India: AAR Rulings On Taxability Of Offshore Mergers And Eligibility Of Mauritian Company To Claim Treaty Benefits


By Vinita Krishnan (Associate Director) and Sneh Shah (Associate)

The Authority for Advance Rulings (AAR), in the recent judgement of Banca Sella SpA,1 held that capital gains arising on amalgamation of a non-resident company, having a branch in India, with its non-resident group entity would not attract capital gains tax in India in view of the non-discrimination clause of the India-Italy Double Taxation Avoidance Agreement (DTAA).


The Applicant, Banca Sella SPA, Italy (Banca Italy) and Sella Servizi Bancari SCPA, Italy (Sella Italy) were part of the Italy based Banca Sella group. Sella Italy also had a branch in India.

The Banca Sella Group carried out a business restructuring, in the course of which, Sella Italy was merged into Banca Italy.

As a result of the merger:

  • The shareholders of Sella Italy (except Banca Italy) were allotted shares in Banca Italy.

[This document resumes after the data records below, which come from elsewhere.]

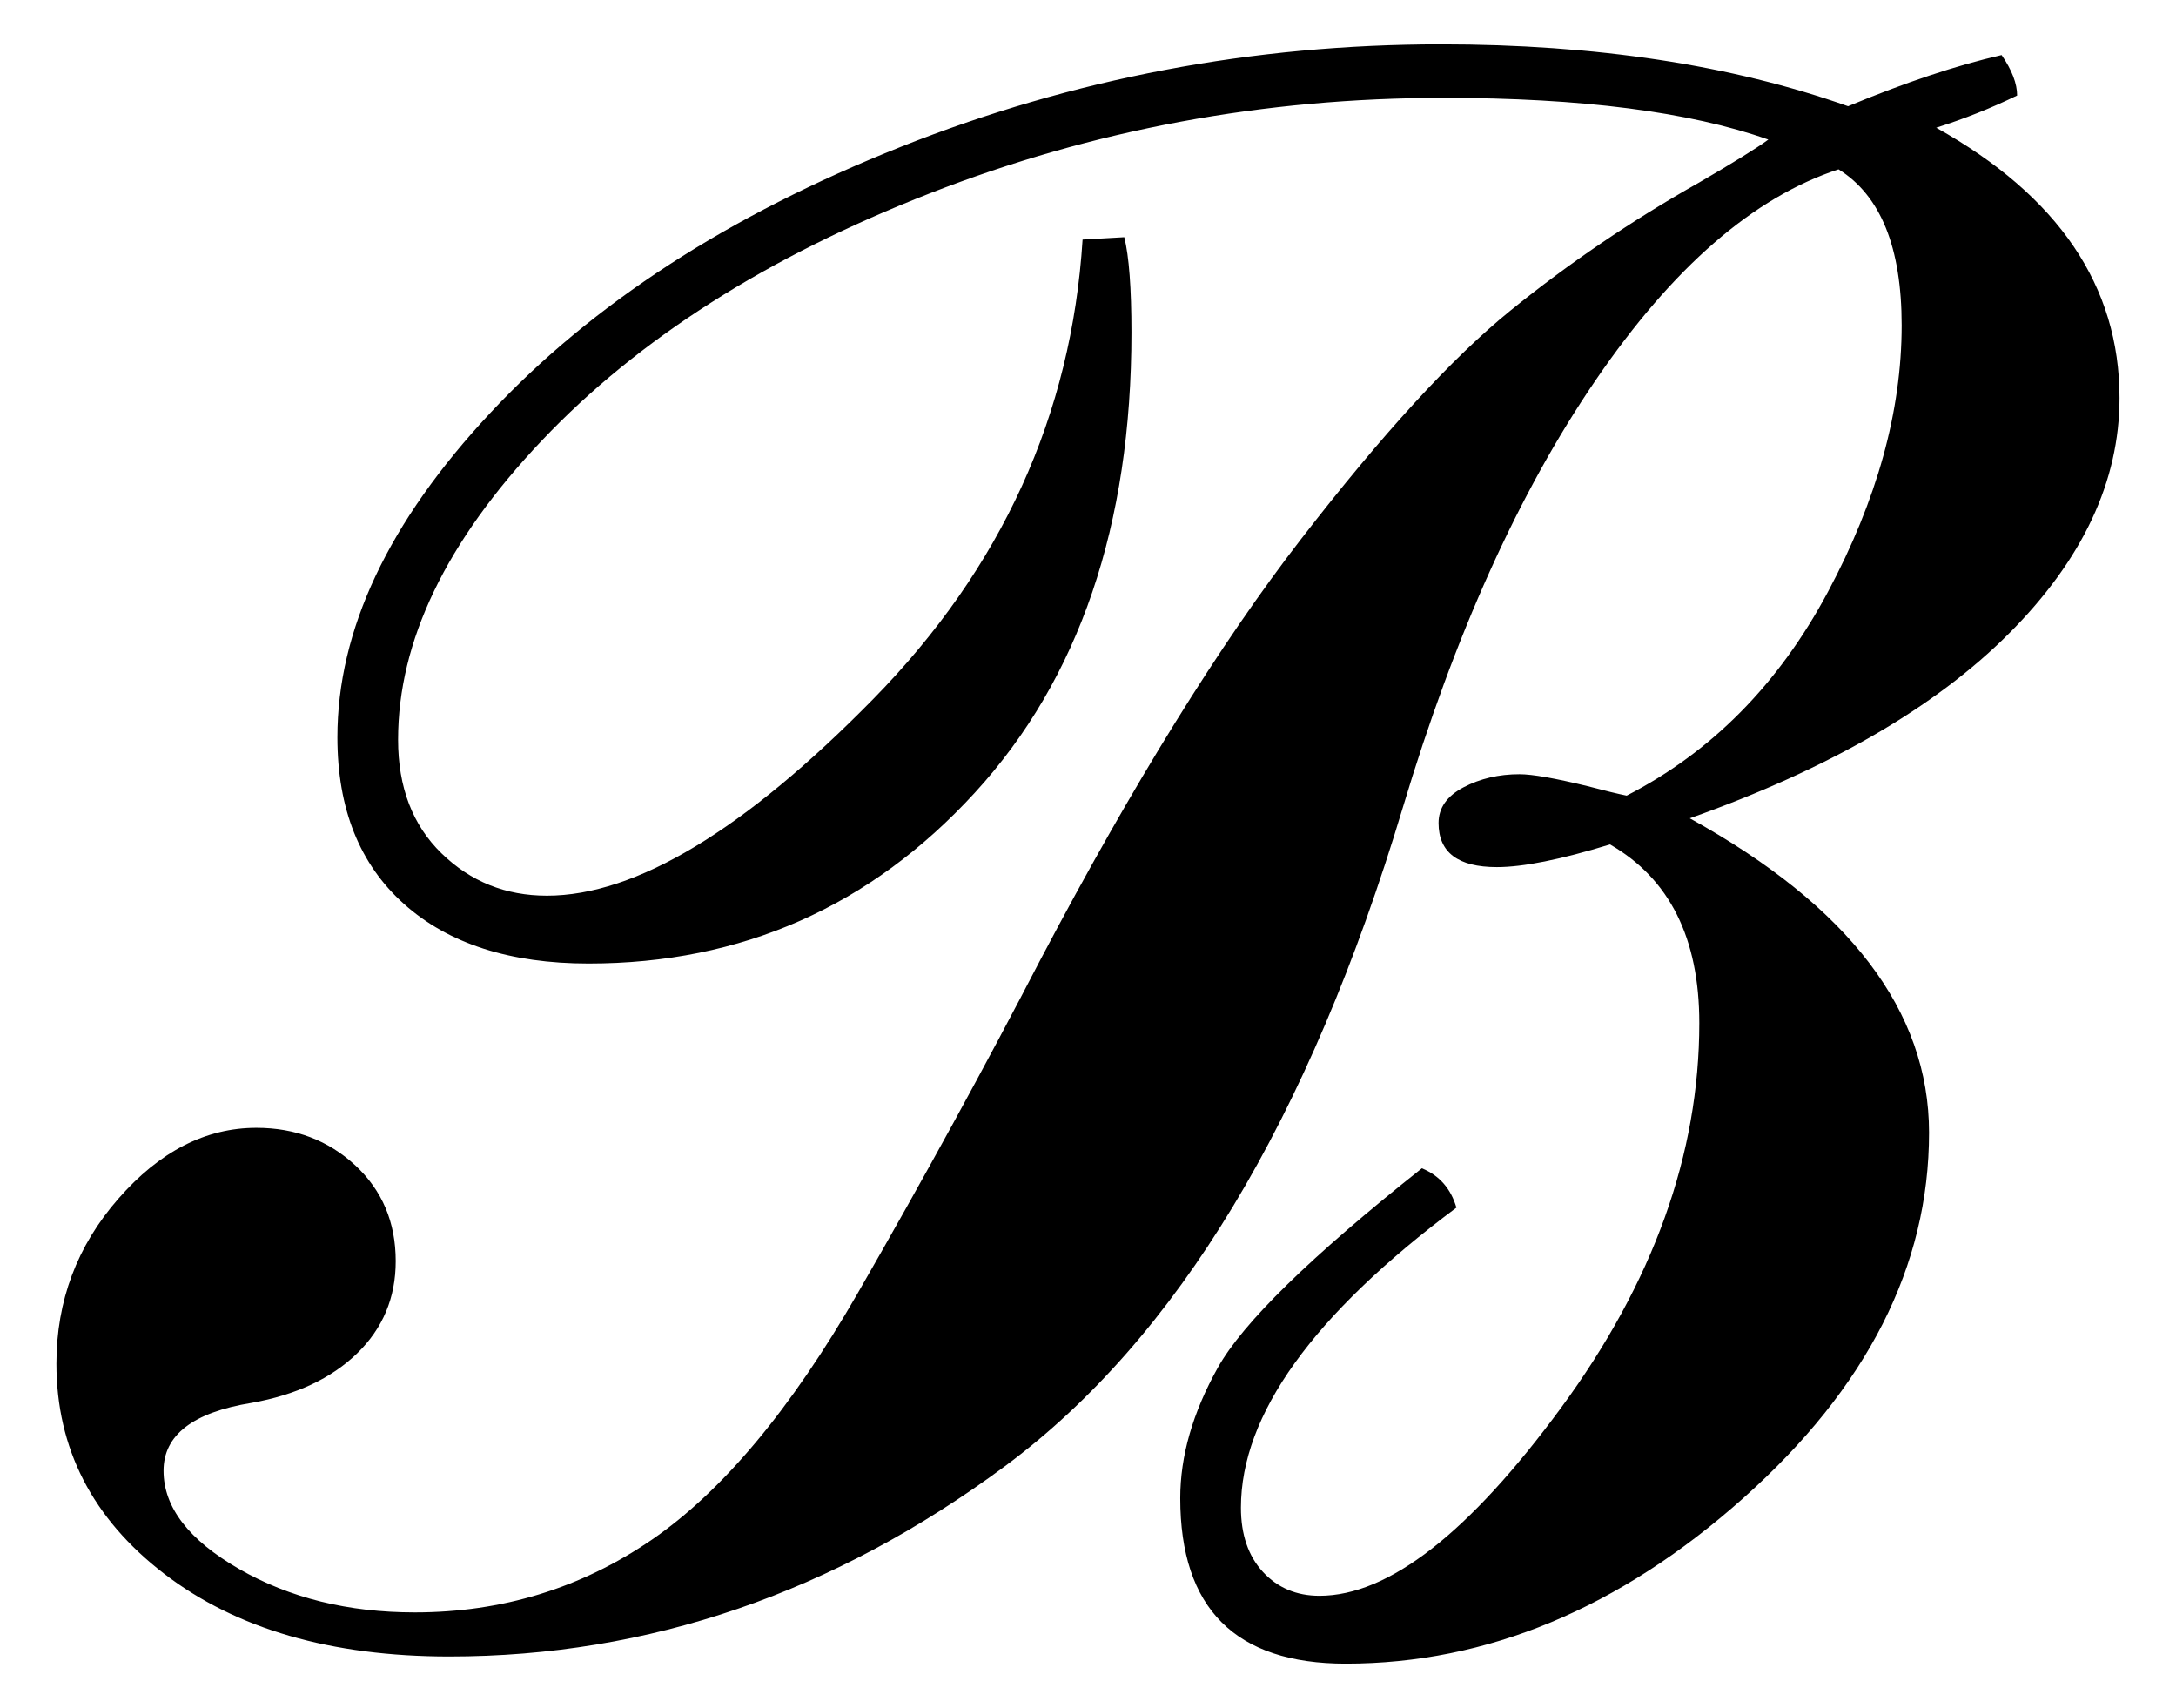 <?xml version="1.0" encoding="UTF-8" standalone="no"?>
<!-- Created with Inkscape (http://www.inkscape.org/) -->
<svg
   xmlns:dc="http://purl.org/dc/elements/1.1/"
   xmlns:cc="http://creativecommons.org/ns#"
   xmlns:rdf="http://www.w3.org/1999/02/22-rdf-syntax-ns#"
   xmlns:svg="http://www.w3.org/2000/svg"
   xmlns="http://www.w3.org/2000/svg"
   xmlns:sodipodi="http://sodipodi.sourceforge.net/DTD/sodipodi-0.dtd"
   xmlns:inkscape="http://www.inkscape.org/namespaces/inkscape"
   width="33.131"
   height="26"
   id="svg2"
   sodipodi:version="0.32"
   inkscape:version="0.46"
   version="1.0"
   sodipodi:docname="U+212C.svg"
   inkscape:output_extension="org.inkscape.output.svg.inkscape">
  <defs
     id="defs4">
    <inkscape:perspective
       sodipodi:type="inkscape:persp3d"
       inkscape:vp_x="0 : 526.18109 : 1"
       inkscape:vp_y="0 : 1000 : 0"
       inkscape:vp_z="744.09448 : 526.18109 : 1"
       inkscape:persp3d-origin="372.04724 : 350.78739 : 1"
       id="perspective10" />
  </defs>
  <sodipodi:namedview
     id="base"
     pagecolor="#ffffff"
     bordercolor="#666666"
     borderopacity="1.0"
     gridtolerance="10000"
     guidetolerance="10"
     objecttolerance="10"
     inkscape:pageopacity="0.0"
     inkscape:pageshadow="2"
     inkscape:zoom="9.3076916"
     inkscape:cx="11.543924"
     inkscape:cy="12.783497"
     inkscape:document-units="px"
     inkscape:current-layer="layer1"
     showgrid="false"
     inkscape:window-width="799"
     inkscape:window-height="669"
     inkscape:window-x="326"
     inkscape:window-y="208" />
  <g
     inkscape:label="Layer 1"
     inkscape:groupmode="layer"
     id="layer1"
     transform="translate(-199.894,-605.178)">
    <path
       style="font-size:37.121px;font-style:normal;font-variant:normal;font-weight:normal;font-stretch:normal;text-align:start;line-height:100%;writing-mode:lr-tb;text-anchor:start;fill:#000000;fill-opacity:1;stroke:none;stroke-width:1px;stroke-linecap:butt;stroke-linejoin:miter;stroke-opacity:1;font-family:Arial Unicode MS;-inkscape-font-specification:Arial Unicode MS"
       d="M 229.374,607.122 C 231.234,608.161 232.165,609.532 232.165,611.236 C 232.165,612.505 231.603,613.701 230.479,614.825 C 229.355,615.949 227.736,616.885 225.622,617.635 C 228.05,618.976 229.265,620.571 229.265,622.42 C 229.265,624.45 228.322,626.305 226.437,627.984 C 224.552,629.664 222.534,630.504 220.383,630.504 C 218.704,630.504 217.864,629.664 217.864,627.984 C 217.864,627.344 218.054,626.682 218.435,626 C 218.815,625.317 219.852,624.305 221.543,622.963 C 221.809,623.072 221.984,623.272 222.069,623.562 C 219.882,625.193 218.788,626.715 218.788,628.129 C 218.788,628.54 218.9,628.866 219.123,629.108 C 219.347,629.35 219.634,629.471 219.984,629.471 C 221.036,629.471 222.262,628.516 223.664,626.607 C 225.066,624.697 225.767,622.746 225.767,620.752 C 225.767,619.459 225.313,618.553 224.407,618.033 C 223.658,618.263 223.084,618.378 222.685,618.378 C 222.093,618.378 221.797,618.154 221.797,617.707 C 221.797,617.477 221.924,617.296 222.178,617.163 C 222.431,617.03 222.715,616.964 223.03,616.964 C 223.223,616.964 223.567,617.024 224.063,617.145 C 224.341,617.218 224.54,617.266 224.661,617.29 C 225.954,616.626 226.975,615.592 227.724,614.191 C 228.473,612.789 228.848,611.436 228.848,610.13 C 228.848,608.946 228.528,608.155 227.887,607.756 C 226.594,608.179 225.362,609.248 224.19,610.964 C 223.017,612.68 222.039,614.849 221.253,617.471 C 219.827,622.22 217.809,625.561 215.199,627.495 C 212.589,629.428 209.768,630.395 206.735,630.395 C 204.934,630.395 203.487,629.975 202.393,629.135 C 201.3,628.295 200.753,627.229 200.753,625.936 C 200.753,624.981 201.067,624.145 201.696,623.426 C 202.324,622.707 203.025,622.347 203.798,622.347 C 204.39,622.347 204.892,622.538 205.303,622.918 C 205.713,623.299 205.919,623.785 205.919,624.377 C 205.919,624.933 205.723,625.401 205.33,625.782 C 204.937,626.163 204.402,626.413 203.726,626.534 C 202.831,626.679 202.384,627.024 202.384,627.567 C 202.384,628.123 202.768,628.622 203.535,629.063 C 204.303,629.504 205.194,629.724 206.209,629.724 C 207.538,629.724 208.74,629.356 209.816,628.619 C 210.891,627.882 211.937,626.631 212.952,624.867 C 213.967,623.102 214.897,621.405 215.743,619.773 C 217.145,617.115 218.465,614.985 219.704,613.384 C 220.942,611.783 222.005,610.623 222.894,609.904 C 223.782,609.185 224.739,608.535 225.767,607.955 C 226.286,607.653 226.637,607.436 226.818,607.303 C 225.622,606.88 223.972,606.668 221.87,606.668 C 219.139,606.668 216.535,607.152 214.057,608.119 C 211.58,609.085 209.61,610.339 208.148,611.88 C 206.686,613.42 205.955,614.94 205.955,616.438 C 205.955,617.163 206.176,617.74 206.617,618.169 C 207.058,618.598 207.592,618.813 208.221,618.813 C 209.574,618.813 211.23,617.816 213.187,615.822 C 215.145,613.828 216.208,611.496 216.377,608.825 L 217.012,608.789 C 217.084,609.079 217.121,609.563 217.121,610.239 C 217.121,613.176 216.326,615.511 214.737,617.245 C 213.148,618.979 211.187,619.846 208.855,619.846 C 207.659,619.846 206.722,619.544 206.046,618.94 C 205.369,618.335 205.031,617.49 205.031,616.402 C 205.031,614.771 205.807,613.124 207.36,611.463 C 208.913,609.801 210.997,608.451 213.613,607.412 C 216.229,606.372 218.969,605.853 221.833,605.853 C 224.19,605.853 226.256,606.167 228.032,606.795 C 228.902,606.433 229.682,606.173 230.37,606.016 C 230.528,606.246 230.606,606.451 230.606,606.632 C 230.207,606.826 229.796,606.989 229.374,607.122 L 229.374,607.122 z"
       id="text3096" />
  </g>
</svg>

All the shareholders including Banca Italy were based in Italy.
  • Banca Italy's investment in Sella Italy got cancelled as it could not have issued shares to itself, hence no shares were allotted to it pursuant to the merger.
  • Sella Italy, being the merging company, ceased to exist and all its assets and liabilities were vested with Banca Italy.

The applicant approached the AAR for the determination of the following tax issues that arose on the merger of Sella Italy with Banca Italy:

  1. Whether transfer of the Indian branch of Sella Italy to Banca Italy as a consequence of the merger would be a transfer under section 2(47) (which defines transfer) of the Income-tax Act, 1961 (IT Act) and whether such transfer would be taxable in India?
  2. Whether by virtue of the non-discrimination clause of the DTAA, Sella Italy would also be eligible to the capital gains tax exemption under section 47(vi) of the IT Act, which is otherwise available to an Indian company in a scheme of amalgamation/merger?
  3. Whether Banca Italy and other shareholders of Sella Italy would be taxable in India due to extinguishment of its shareholding in Sella Italy as a result of merger?
  4. Whether the above merger attracted transfer pricing provisions under the IT Act?

AAR Ruling

The AAR held as under:

Gains in the hands of Sella Italy

The AAR held that merger of Sella Italy with Banca Italy was a transfer under Section 2(47) of the IT Act.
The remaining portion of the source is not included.